Same for Syria. It was Obama, not his critics, who went to the brink of a military strike over the use of chemical weapons. From which he then flinched. Critics have been begging Obama to help train and equip the outmanned and outgunned rebels — a policy to whichhe now intimates he might finally be coming around.
Three years late. Qusair, Homs and major suburbs of Damascus have already been retaken by the government. The battle has by now so decisively tilted toward Assad — backed by Russia, Iran and Hezbollah, while Obama dithered — that Assad is holding triumphal presidential elections next week.

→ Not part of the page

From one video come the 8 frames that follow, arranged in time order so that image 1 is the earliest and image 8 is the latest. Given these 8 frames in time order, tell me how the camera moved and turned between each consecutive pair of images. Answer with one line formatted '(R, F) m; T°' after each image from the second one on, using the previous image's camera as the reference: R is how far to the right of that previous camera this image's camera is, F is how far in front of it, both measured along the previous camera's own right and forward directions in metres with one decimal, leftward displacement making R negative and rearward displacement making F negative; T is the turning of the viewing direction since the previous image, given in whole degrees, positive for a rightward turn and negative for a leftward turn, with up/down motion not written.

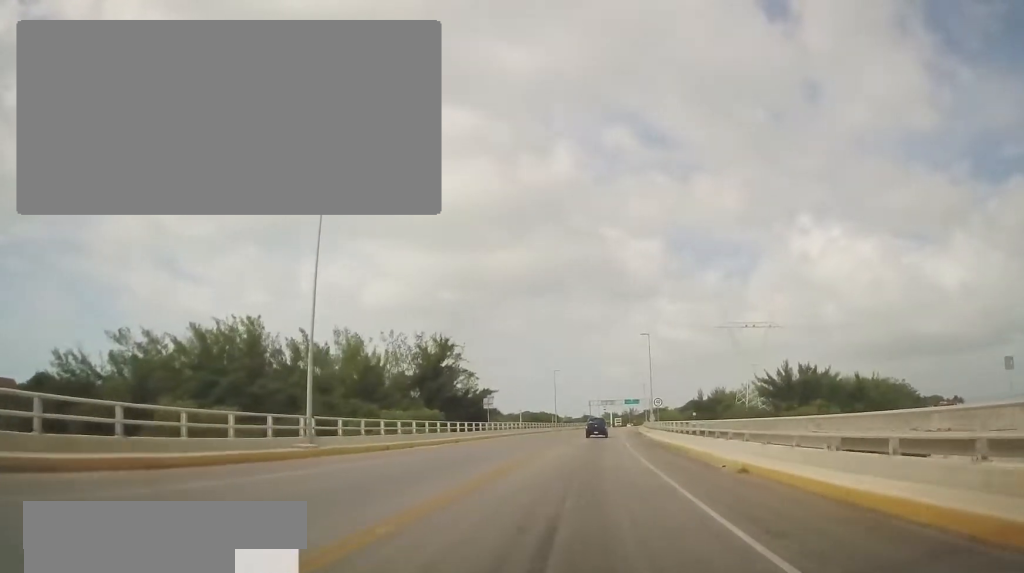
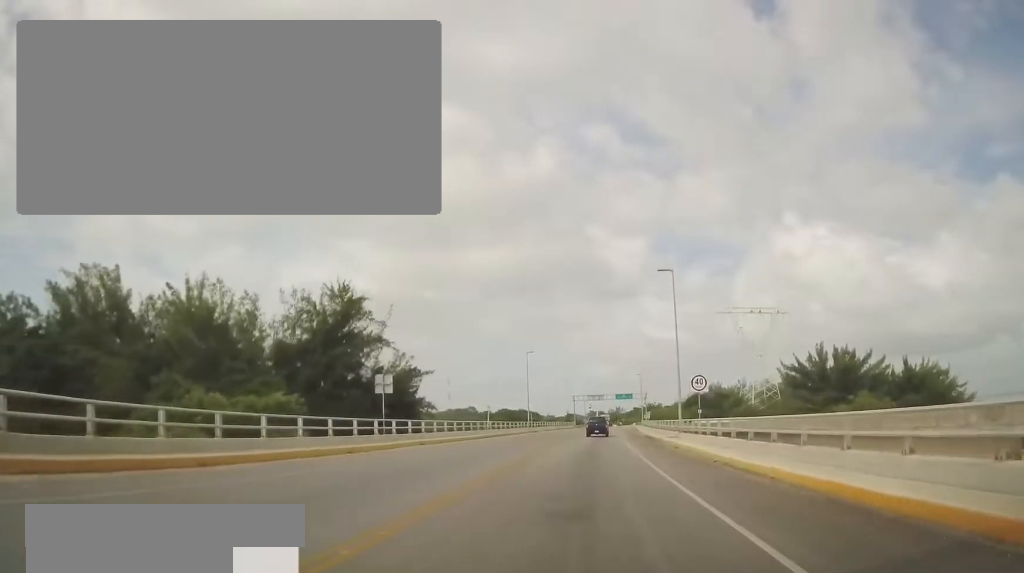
(+1.0, +25.4) m; +3°
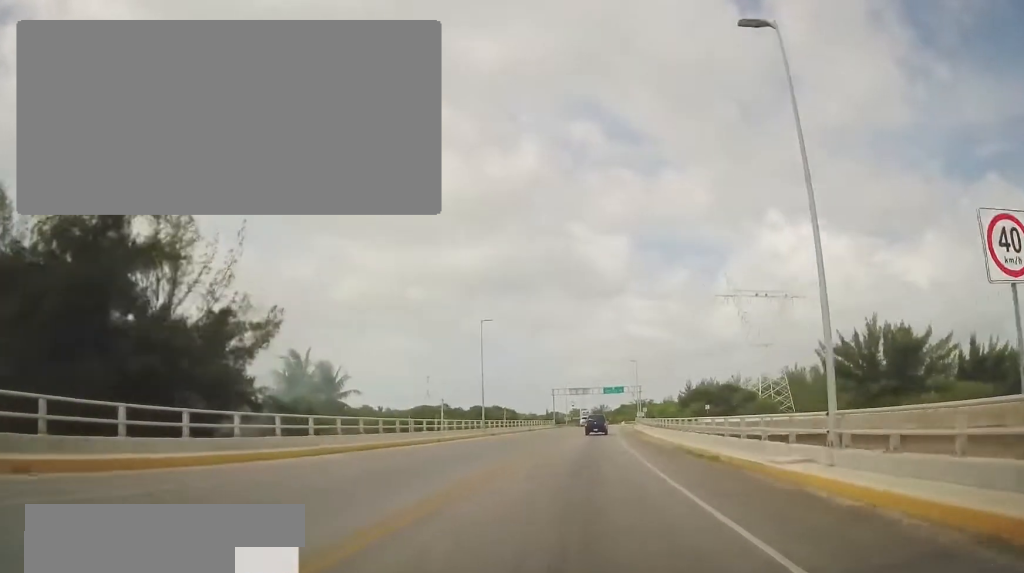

Amid all this, Obama seems unaware of how far his country has fallen. He attributes claims of American decline to either misreading history or partisan politics. Problem is: Most of the complaints are coming from abroad, from U.S. allies with no stake whatsoever in U.S. partisan politics. Their concern is their own security as they watch this president undertake multiple abdications from Warsaw to Kabul.
What is the world to think when Obama makes the case for a residual force in Afghanistan — “after all the sacrifices we’ve made, we want to preserve the gains that you have helped to win” — and then announce a drawdown of American forces to 10,000, followed by total liquidation within two years on a fixed timetable regardless of circumstances?
The policy contradicts the premise. If you want not to forfeit our terribly hard-earned gains — as we forfeited all our gains in Iraq with the 2011 withdrawal — why not let conditions dictate the post-2014 drawdowns? Why go to zero — precisely by 2016?
For the same reason, perhaps, that the Afghan surge was ended precisely in 2012, in the middle of the fighting season — but before the November election. A 2016 Afghan end date might help Democrats electorally and, occurring with Obama still in office, provide a shiny new line to his résumé.
Is this how a great nation decides matters of war and peace — to help one party and polish the reputation of one man? As with the West Point speech itself, as with the president’s entire foreign policy of retreat, one can only marvel at the smallness of it all.